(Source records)
········

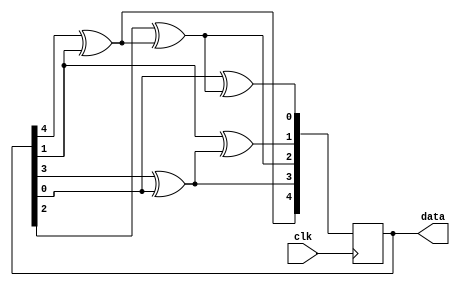
module LFSR_counter 
#(parameter BITS = 5)
(
  input             clk,
  //input             rst_n,

  output reg [4:0] data
);
reg [4:0] data_next;

initial
begin
	data <= 5'h1f;
end

always @* begin
  data_next[4] = data[4]^data[1];
  data_next[3] = data[3]^data[0];
  data_next[2] = data[2]^data_next[4];
  data_next[1] = data[1]^data_next[3];
  data_next[0] = data[0]^data_next[2];
end

always @(posedge clk /*or negedge rst_n*/) begin
 // if(!rst_n)
  //  data <= 5'h1f;
 // else
    data <= data_next;
end
endmodule

········

> Aim of the task
Output only the lines from the one that contains "reg [4:0] data_next;" through the final line of the records, exactly as given.

> Solved exercise
reg [4:0] data_next;

initial
begin
	data <= 5'h1f;
end

always @* begin
  data_next[4] = data[4]^data[1];
  data_next[3] = data[3]^data[0];
  data_next[2] = data[2]^data_next[4];
  data_next[1] = data[1]^data_next[3];
  data_next[0] = data[0]^data_next[2];
end

always @(posedge clk /*or negedge rst_n*/) begin
 // if(!rst_n)
  //  data <= 5'h1f;
 // else
    data <= data_next;
end
endmodule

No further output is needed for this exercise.